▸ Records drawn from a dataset
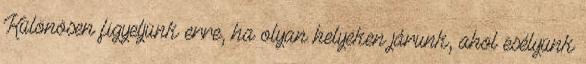
Különösen figyeljünk erre, ha olyan helyeken járunk, ahol esélyünk
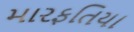
મારફતિયા
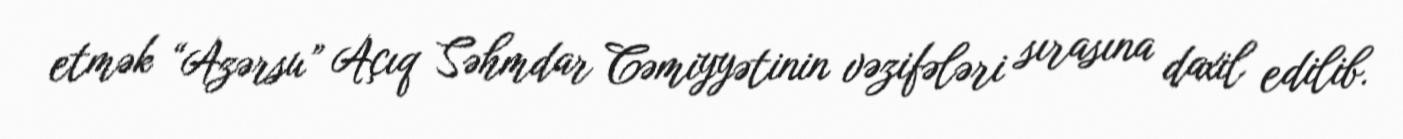
etmək “Azərsu” Açıq Səhmdar Cəmiyyətinin vəzifələri sırasına daxil edilib.
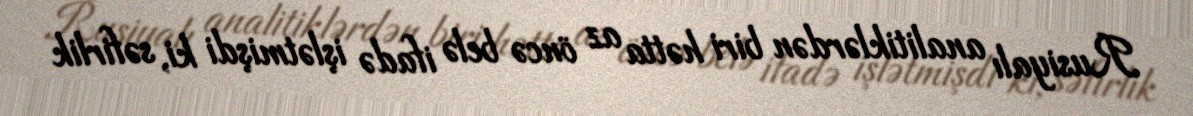
Rusiyalı analitiklərdən biri hətta az öncə belə ifadə işlətmişdi ki, səfirlik
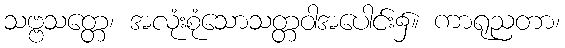
သဗ္ဗသတ္တေ၊ အလုံးစုံသောသတ္တဝါအပေါင်း၌။ ကာရုညတာ၊
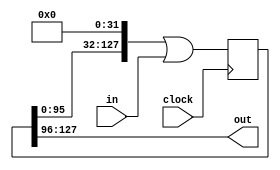
module FIFO
    #(parameter WIDTH = 32, PIPELEN = 4, INITIAL_BITVAL = 1'b0)
(
    input clock,

    input [WIDTH - 1:0] in,
    output [WIDTH - 1:0] out
);
    reg [(WIDTH * PIPELEN) - 1:0] values;
    initial values = { (WIDTH * PIPELEN){ INITIAL_BITVAL } };

    always @(posedge clock)
        values <= (values << WIDTH) | in;

    assign out = values[(WIDTH * PIPELEN) - 1:(WIDTH * PIPELEN) - WIDTH];
    
endmodule
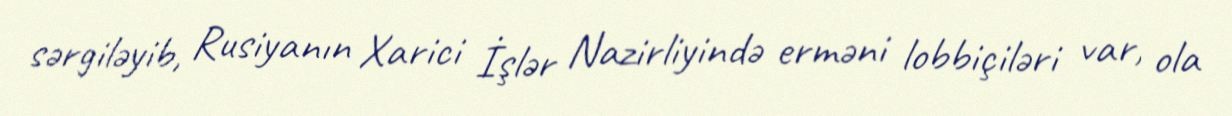
sərgiləyib, Rusiyanın Xarici İşlər Nazirliyində erməni lobbiçiləri var, ola
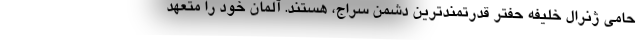
حامی ژنرال خلیفه حفتر قدرتمندترین دشمن سراج، هستند. آلمان خود را متعهد
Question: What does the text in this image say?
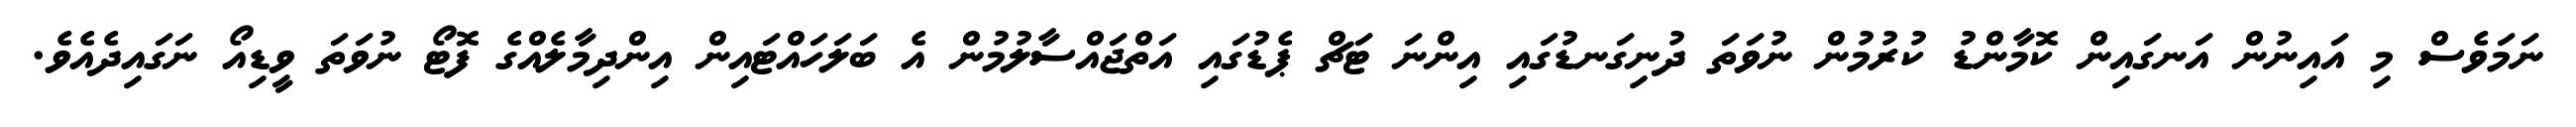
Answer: ނަމަވެސް މި އައިނުން އަނގައިން ކޮމާންޑު ކުރުމުން ނުވަތަ ދުނިގަނޑުގައި އިންނަ ޓަޗް ޕެޑުގައި އަތްޖައްސާލުމުން އެ ބަލަހައްޓައިން އިންދިމާލެއްގެ ފޮޓޯ ނުވަތަ ވީޑިއޯ ނަގައިދެއެވެ.
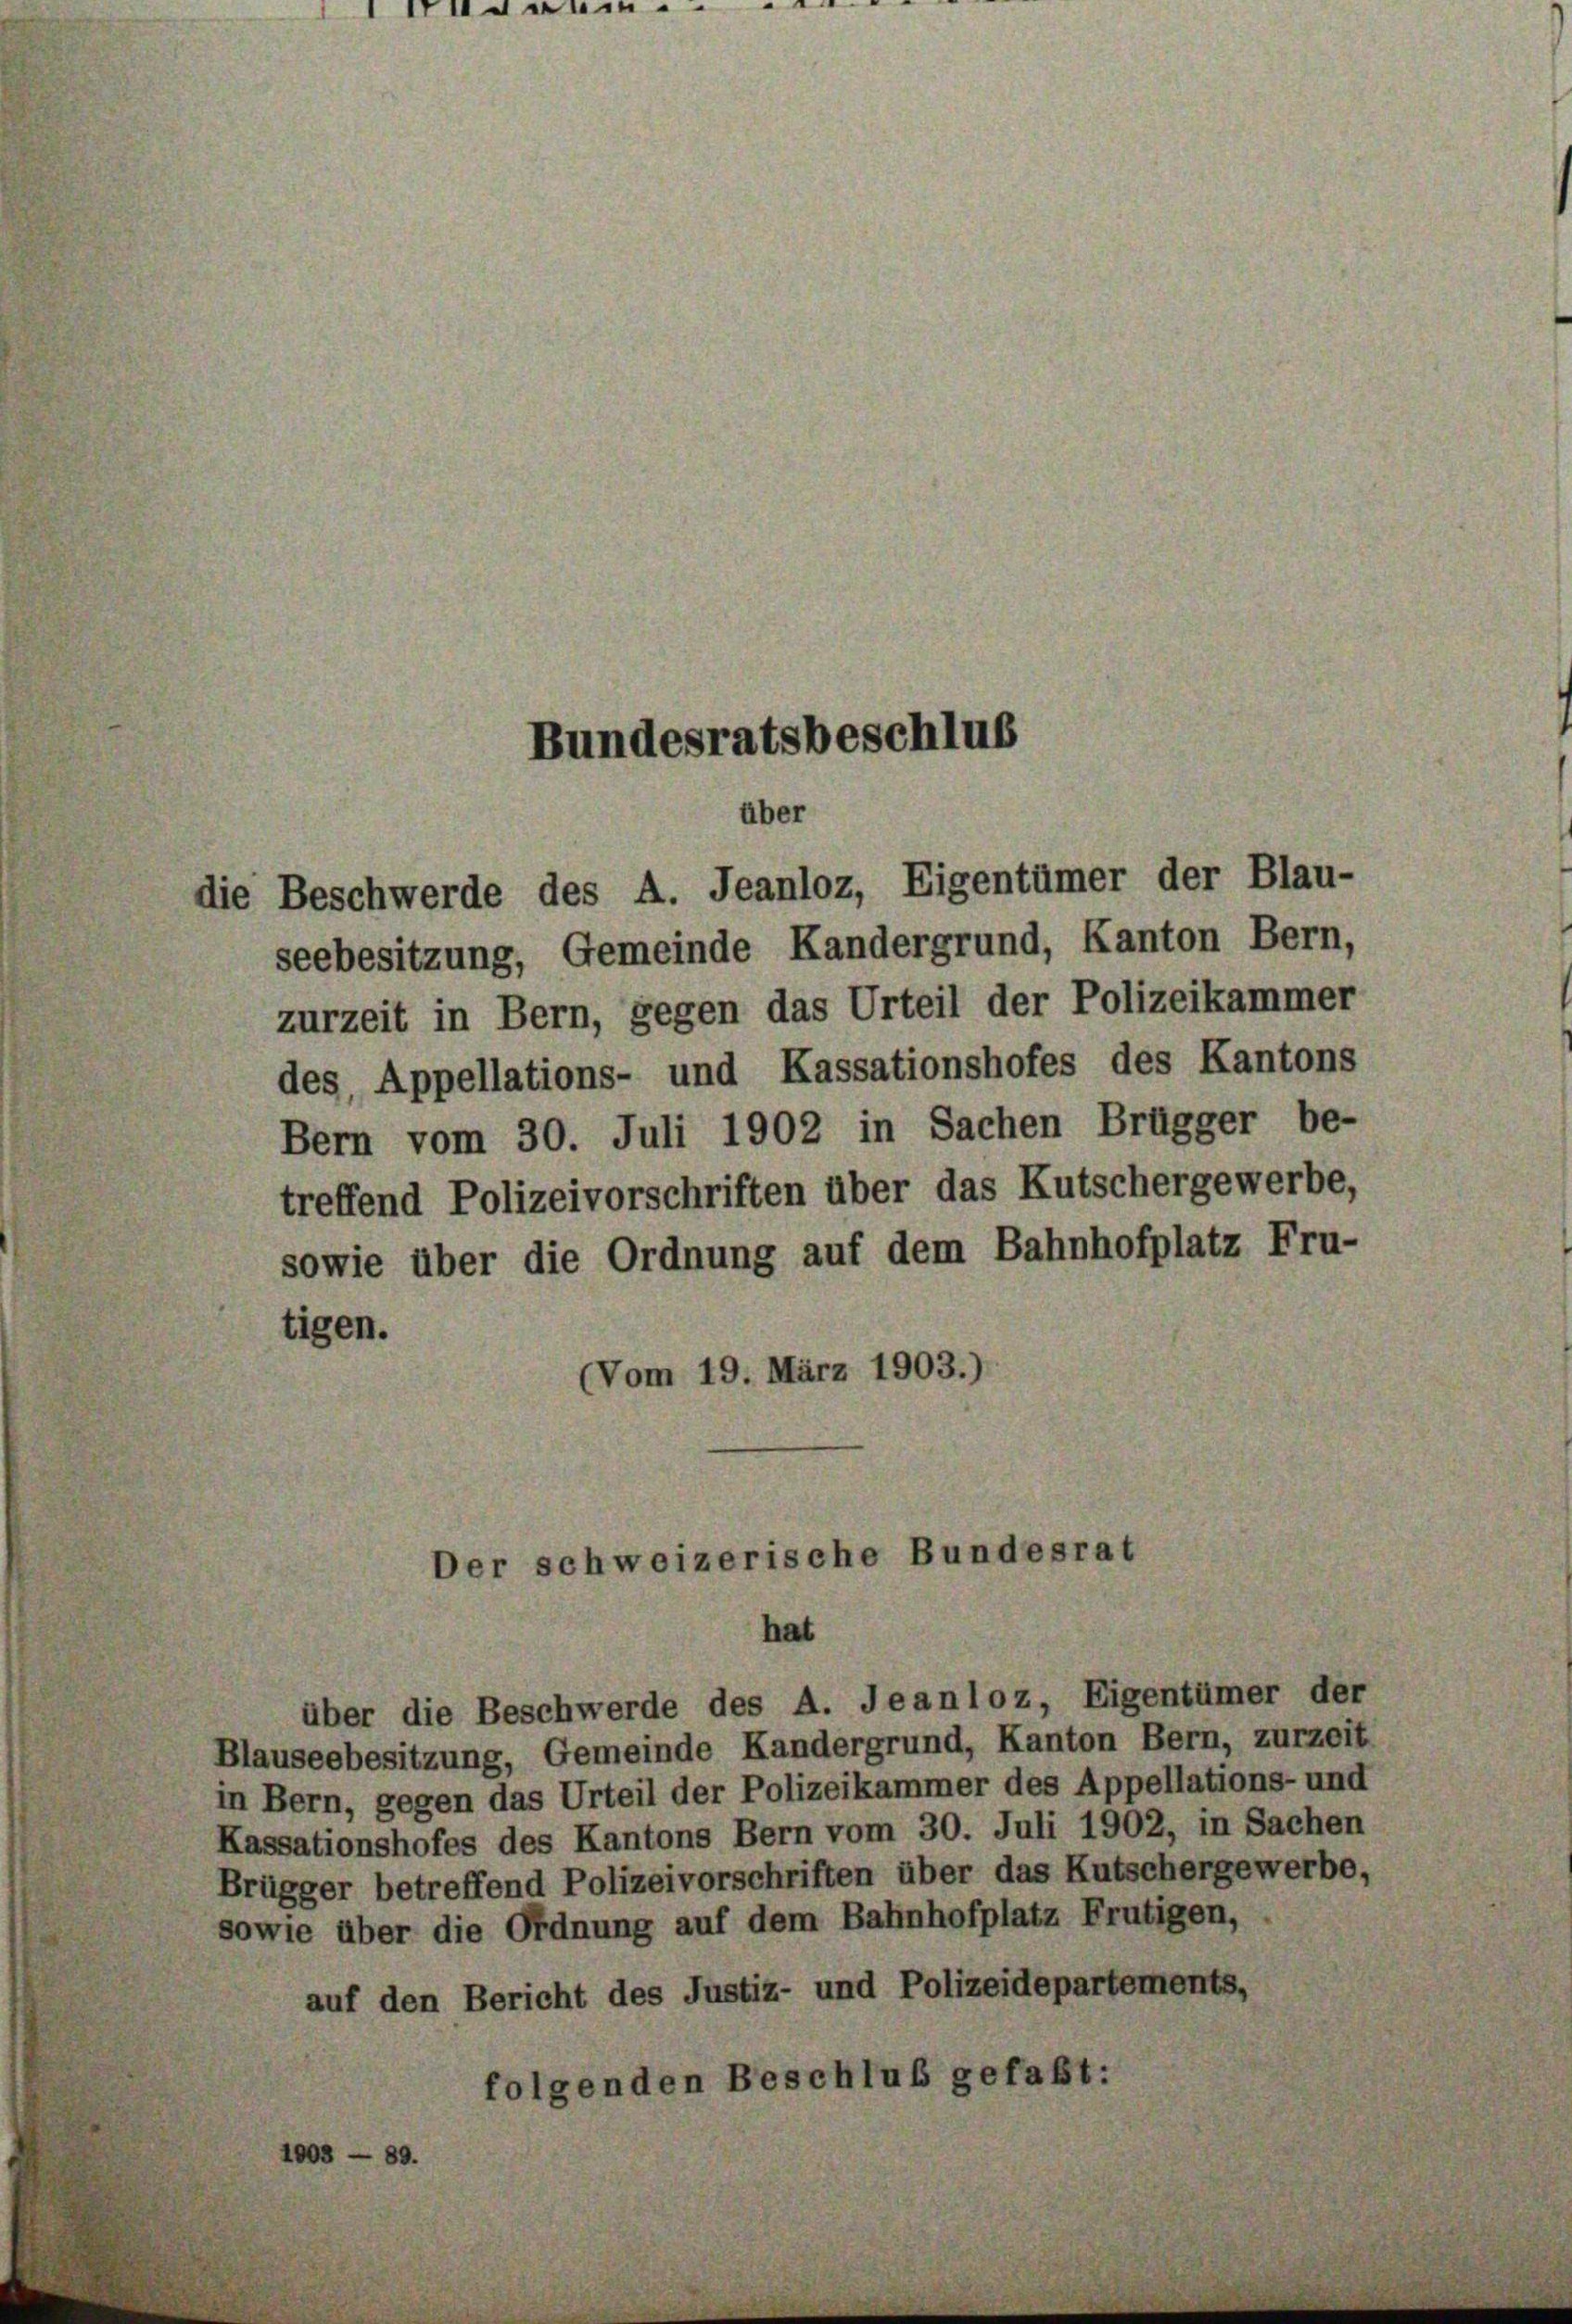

▸ WORK TO BE COMPLETED
A faithful, word-for-word copy of the records above, pictures left out, is the answer.

▸ REPLY TO THE TASK
Különösen figyeljünk erre, ha olyan helyeken járunk, ahol esélyünk
મારફતિયા
etmək “Azərsu” Açıq Səhmdar Cəmiyyətinin vəzifələri sırasına daxil edilib.
Rusiyalı analitiklərdən biri hətta az öncə belə ifadə işlətmişdi ki, səfirlik
သဗ္ဗသတ္တေ၊ အလုံးစုံသောသတ္တဝါအပေါင်း၌။ ကာရုညတာ၊
module FIFO
    #(parameter WIDTH = 32, PIPELEN = 4, INITIAL_BITVAL = 1'b0)
(
    input clock,

    input [WIDTH - 1:0] in,
    output [WIDTH - 1:0] out
);
    reg [(WIDTH * PIPELEN) - 1:0] values;
    initial values = { (WIDTH * PIPELEN){ INITIAL_BITVAL } };

    always @(posedge clock)
        values <= (values << WIDTH) | in;

    assign out = values[(WIDTH * PIPELEN) - 1:(WIDTH * PIPELEN) - WIDTH];
    
endmodule
sərgiləyib, Rusiyanın Xarici İşlər Nazirliyində erməni lobbiçiləri var, ola
حامی ژنرال خلیفه حفتر قدرتمندترین دشمن سراج، هستند. آلمان خود را متعهد
Question: What does the text in this image say?
Answer: ނަމަވެސް މި އައިނުން އަނގައިން ކޮމާންޑު ކުރުމުން ނުވަތަ ދުނިގަނޑުގައި އިންނަ ޓަޗް ޕެޑުގައި އަތްޖައްސާލުމުން އެ ބަލަހައްޓައިން އިންދިމާލެއްގެ ފޮޓޯ ނުވަތަ ވީޑިއޯ ނަގައިދެއެވެ.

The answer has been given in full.